For email marketers, tackling mobile email is a relatively new challenge, but a challenge that needs to be addressed. According to research from Litmus, the email testing and analytics vendor, 49% of people access email via a smartphone — a figure that’s risen fivefold since 2011 and continues to trend upward.

mobile

 

To provide some insight for you, the MarketingSherpa Blog reader, I reached out to five email marketers who addressed the mobile email challenge with two basic questions on the topic.

Read on to find out what this expert panel had to say about mobile email:

 

MarketingSherpa Blog: What one tactic has the most impact on mobile email campaigns?

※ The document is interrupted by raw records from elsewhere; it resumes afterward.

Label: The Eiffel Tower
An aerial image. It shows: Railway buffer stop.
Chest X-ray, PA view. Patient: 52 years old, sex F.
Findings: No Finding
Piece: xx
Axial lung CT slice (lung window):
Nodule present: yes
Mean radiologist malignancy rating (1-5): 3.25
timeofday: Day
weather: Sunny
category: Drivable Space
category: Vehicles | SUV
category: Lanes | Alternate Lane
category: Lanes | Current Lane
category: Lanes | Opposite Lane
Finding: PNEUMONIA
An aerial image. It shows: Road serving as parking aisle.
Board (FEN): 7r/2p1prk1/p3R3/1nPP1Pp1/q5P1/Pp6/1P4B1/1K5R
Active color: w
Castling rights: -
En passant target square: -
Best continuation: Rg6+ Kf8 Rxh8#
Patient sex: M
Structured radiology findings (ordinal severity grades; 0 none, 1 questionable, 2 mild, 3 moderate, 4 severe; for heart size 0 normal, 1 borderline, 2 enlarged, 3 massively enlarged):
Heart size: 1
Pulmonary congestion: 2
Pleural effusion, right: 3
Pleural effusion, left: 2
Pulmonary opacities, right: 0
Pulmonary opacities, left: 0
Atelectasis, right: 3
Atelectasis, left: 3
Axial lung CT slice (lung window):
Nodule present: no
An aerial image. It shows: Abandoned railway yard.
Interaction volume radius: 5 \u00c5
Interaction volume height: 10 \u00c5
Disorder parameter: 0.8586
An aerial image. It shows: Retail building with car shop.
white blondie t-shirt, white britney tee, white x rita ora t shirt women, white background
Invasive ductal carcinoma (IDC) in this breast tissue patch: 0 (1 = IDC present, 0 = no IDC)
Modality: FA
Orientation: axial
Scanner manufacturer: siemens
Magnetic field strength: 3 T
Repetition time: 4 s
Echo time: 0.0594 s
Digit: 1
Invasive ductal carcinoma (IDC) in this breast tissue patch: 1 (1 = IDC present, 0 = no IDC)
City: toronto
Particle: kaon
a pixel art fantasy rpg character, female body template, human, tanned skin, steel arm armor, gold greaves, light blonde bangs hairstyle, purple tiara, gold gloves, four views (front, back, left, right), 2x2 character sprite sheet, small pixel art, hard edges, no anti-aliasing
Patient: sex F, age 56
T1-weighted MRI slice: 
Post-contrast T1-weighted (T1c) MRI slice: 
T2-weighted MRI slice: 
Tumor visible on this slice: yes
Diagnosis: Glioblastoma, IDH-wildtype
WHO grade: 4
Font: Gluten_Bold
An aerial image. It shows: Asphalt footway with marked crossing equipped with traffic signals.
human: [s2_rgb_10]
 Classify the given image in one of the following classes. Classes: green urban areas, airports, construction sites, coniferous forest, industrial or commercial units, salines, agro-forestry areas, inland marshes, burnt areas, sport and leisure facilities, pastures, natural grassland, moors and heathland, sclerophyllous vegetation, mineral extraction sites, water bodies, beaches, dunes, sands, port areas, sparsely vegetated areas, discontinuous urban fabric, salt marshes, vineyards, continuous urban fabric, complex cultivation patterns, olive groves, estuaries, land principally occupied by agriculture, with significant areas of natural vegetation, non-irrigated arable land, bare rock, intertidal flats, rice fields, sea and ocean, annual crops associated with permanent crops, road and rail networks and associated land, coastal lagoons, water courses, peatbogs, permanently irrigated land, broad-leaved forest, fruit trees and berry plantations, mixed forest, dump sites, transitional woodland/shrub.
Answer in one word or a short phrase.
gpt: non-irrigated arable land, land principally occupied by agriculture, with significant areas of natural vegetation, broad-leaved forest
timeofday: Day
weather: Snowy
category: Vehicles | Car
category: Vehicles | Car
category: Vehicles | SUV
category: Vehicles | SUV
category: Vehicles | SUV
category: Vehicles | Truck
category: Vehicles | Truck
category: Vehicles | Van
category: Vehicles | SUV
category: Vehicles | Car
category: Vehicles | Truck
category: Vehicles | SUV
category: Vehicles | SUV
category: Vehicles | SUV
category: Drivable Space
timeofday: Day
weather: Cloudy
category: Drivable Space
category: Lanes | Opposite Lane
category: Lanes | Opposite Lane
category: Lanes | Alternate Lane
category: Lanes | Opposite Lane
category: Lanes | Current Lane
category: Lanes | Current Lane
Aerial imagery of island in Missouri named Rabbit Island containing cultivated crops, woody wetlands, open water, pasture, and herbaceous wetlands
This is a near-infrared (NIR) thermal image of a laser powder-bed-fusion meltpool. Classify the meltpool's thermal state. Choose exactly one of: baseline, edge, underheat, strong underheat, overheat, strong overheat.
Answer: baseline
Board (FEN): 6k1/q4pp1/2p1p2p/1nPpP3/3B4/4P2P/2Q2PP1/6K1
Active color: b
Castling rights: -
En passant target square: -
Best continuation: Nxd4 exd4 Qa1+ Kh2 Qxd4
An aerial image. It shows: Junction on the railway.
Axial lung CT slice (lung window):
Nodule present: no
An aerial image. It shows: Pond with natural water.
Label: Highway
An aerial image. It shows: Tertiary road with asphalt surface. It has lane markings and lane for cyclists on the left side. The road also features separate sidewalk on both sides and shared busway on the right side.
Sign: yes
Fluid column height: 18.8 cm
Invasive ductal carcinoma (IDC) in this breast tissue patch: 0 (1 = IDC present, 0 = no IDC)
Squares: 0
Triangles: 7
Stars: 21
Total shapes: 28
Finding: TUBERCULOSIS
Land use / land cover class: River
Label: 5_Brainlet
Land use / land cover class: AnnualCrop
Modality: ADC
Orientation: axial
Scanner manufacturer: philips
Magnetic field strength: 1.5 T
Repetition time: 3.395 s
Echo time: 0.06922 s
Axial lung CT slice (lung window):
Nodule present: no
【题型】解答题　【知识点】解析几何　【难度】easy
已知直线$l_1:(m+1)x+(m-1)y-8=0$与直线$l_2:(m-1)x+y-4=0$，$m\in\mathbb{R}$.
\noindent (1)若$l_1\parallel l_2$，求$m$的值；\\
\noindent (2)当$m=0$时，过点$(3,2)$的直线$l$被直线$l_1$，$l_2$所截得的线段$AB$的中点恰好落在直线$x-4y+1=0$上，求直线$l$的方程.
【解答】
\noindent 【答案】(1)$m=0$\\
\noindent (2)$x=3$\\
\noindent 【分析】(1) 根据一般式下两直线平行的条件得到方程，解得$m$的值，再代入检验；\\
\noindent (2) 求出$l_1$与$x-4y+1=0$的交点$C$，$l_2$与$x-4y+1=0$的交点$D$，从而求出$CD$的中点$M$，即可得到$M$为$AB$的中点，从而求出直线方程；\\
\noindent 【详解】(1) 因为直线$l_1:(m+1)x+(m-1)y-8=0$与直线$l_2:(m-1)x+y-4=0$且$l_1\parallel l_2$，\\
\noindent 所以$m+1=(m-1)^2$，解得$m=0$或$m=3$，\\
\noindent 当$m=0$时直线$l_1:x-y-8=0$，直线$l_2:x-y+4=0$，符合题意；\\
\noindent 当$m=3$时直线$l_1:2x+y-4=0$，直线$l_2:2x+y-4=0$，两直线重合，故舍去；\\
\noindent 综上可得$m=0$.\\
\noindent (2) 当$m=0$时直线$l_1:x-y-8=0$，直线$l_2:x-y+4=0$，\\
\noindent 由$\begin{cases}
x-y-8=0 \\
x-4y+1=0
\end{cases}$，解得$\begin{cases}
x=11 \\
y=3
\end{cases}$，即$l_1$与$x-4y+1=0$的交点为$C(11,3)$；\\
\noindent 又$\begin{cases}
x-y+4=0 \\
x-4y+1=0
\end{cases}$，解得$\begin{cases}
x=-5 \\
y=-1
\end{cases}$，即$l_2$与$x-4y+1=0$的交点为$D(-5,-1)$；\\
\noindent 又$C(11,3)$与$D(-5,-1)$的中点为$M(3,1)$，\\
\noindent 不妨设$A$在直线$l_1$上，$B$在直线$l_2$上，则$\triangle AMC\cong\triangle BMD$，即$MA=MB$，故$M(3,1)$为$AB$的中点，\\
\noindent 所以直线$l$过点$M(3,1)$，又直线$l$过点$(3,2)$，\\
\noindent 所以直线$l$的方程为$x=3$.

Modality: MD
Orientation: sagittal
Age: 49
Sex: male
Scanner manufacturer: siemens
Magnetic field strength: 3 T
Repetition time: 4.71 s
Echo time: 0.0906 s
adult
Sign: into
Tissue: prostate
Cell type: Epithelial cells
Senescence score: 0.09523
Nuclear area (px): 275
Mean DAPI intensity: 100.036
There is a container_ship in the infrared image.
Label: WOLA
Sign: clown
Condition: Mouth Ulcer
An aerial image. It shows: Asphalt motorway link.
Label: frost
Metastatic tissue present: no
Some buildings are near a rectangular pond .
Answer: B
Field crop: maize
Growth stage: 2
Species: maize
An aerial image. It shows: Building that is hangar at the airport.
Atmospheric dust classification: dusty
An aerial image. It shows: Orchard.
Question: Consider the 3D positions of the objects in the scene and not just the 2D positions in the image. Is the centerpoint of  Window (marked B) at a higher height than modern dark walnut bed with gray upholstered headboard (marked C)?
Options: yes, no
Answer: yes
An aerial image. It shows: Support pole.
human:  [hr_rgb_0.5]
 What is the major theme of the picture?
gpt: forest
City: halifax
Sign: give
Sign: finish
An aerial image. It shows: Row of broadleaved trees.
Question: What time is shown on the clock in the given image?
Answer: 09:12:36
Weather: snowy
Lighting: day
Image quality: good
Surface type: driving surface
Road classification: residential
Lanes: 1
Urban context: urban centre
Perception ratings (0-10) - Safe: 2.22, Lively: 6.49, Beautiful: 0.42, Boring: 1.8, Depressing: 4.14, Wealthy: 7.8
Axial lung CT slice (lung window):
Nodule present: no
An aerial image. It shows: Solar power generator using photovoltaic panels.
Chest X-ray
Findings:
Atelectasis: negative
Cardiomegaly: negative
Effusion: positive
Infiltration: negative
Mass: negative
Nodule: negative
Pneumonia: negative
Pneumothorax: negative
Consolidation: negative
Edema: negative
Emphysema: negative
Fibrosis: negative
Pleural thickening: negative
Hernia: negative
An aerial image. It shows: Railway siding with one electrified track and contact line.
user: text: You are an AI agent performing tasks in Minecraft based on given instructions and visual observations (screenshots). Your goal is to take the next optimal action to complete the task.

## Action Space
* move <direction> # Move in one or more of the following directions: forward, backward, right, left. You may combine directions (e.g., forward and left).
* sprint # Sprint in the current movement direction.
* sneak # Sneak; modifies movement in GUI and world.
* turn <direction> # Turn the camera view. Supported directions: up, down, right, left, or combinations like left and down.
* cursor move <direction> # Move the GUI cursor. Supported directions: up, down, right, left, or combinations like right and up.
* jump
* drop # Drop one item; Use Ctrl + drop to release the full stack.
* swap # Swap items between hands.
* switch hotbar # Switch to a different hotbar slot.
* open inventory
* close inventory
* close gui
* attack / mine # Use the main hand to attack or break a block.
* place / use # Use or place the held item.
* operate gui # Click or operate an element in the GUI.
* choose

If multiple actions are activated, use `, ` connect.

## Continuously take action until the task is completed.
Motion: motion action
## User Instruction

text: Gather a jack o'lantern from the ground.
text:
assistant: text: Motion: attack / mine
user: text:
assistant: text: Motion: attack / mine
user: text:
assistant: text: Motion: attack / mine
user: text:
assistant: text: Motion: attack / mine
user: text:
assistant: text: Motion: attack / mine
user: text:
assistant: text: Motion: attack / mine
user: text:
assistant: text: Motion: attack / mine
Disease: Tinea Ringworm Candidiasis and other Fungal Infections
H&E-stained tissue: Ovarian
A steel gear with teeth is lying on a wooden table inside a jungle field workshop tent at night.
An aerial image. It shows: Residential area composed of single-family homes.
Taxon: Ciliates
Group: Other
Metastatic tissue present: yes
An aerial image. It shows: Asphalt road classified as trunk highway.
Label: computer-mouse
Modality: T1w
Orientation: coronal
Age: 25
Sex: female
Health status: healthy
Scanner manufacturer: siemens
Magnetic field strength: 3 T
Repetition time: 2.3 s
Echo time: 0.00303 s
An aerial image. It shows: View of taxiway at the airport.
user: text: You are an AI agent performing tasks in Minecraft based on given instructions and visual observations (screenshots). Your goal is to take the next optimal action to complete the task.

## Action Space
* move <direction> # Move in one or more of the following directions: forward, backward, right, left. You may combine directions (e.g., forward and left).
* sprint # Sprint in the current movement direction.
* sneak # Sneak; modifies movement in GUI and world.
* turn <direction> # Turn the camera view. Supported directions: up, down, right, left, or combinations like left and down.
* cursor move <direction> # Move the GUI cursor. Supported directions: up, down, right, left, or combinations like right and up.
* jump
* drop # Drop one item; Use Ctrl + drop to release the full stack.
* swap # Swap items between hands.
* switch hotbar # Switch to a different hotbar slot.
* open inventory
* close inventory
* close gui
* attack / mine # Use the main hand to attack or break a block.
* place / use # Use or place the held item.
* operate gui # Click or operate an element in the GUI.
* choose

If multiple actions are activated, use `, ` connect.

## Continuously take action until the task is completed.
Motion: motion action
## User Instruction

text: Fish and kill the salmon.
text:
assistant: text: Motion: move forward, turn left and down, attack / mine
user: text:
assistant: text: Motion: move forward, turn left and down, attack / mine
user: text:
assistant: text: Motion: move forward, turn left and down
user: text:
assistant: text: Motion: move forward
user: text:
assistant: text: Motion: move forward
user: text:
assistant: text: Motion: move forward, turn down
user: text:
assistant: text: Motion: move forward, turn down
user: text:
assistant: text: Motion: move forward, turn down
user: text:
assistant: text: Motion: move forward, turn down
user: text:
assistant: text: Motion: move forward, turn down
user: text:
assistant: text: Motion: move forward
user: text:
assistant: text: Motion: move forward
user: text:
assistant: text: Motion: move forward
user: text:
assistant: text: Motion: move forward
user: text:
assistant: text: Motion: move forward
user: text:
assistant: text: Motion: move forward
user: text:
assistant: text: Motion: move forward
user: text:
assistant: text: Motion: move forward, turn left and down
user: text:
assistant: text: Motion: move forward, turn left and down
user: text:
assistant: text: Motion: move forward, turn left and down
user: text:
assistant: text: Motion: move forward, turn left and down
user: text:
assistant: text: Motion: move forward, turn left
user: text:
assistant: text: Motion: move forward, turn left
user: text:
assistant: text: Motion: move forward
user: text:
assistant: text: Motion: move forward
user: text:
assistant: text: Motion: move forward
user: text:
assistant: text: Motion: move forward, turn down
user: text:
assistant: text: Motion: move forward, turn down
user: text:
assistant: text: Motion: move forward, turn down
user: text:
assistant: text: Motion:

Justine Jordan, Marketing Director, Litmus

Ah, the million dollar question! As with most things with email, it’s hard to make a generalization since it can vary greatly based on your industry and audience. If I had to pick just one tactic, I’d go broad and say responsive design has the most impact on mobile email. MailChimp sends billions of emails every year, and they’ve seen a 15% increase in unique clicks for mobile users when responsive design is used. Even without huge gains in performance, sending responsive campaigns sends the message that you care about providing the best possible user experience for your subscribers.

 

 Brian Graves, UI Team Lead, DEG

Simplifying the experience. In addition to helping deal with the smaller amount of screen real estate available on mobile devices, statistics show that customers typically spend less than 15 seconds reading marketing emails, with iOS users spending the least amount at around 3 seconds or less. Look at repositioning your email layout to lead with your most important messaging. The most effective emails are typically concise and have a clear focus. This is not only a good tactic for mobile but is one way in which a mobile-first approach can help improve your campaigns across every platform.

 

Ted Goas, Designer and Developer, Canfield Scientific

Work as a unified team from day one. Having product managers, marketers, designers and developers working together from planning through to execution helps ensure a campaign’s quality doesn’t degrade as it gets ‘thrown over the wall’ in a waterfall process. Everyone knows what’s happening and why.

 

Dan Denney, Front-End Devevloper, Code School

Designing an email for scanability has the most impact. We want everyone to read every word, but people want to find what they’re interested in and move on. Make it easy for them.

 

Fabio Carniero, Lead Email Developer, MailChimp

Spongy development (sometimes called hybrid development), in my opinion, has the most impact. There are a fair number of pitfalls associated with mobile email, and the spongy development method — a combination of fluid and non-fluid email markup — can generally resolve most of them. The most pertinent example is the Gmail app on Android and iOS; the app doesn’t support media queries, which are generally necessary for responsive design. The spongy/hybrid technique serves as a work-around for providing ‘responsive’ email in clients that don’t support the technology specifically.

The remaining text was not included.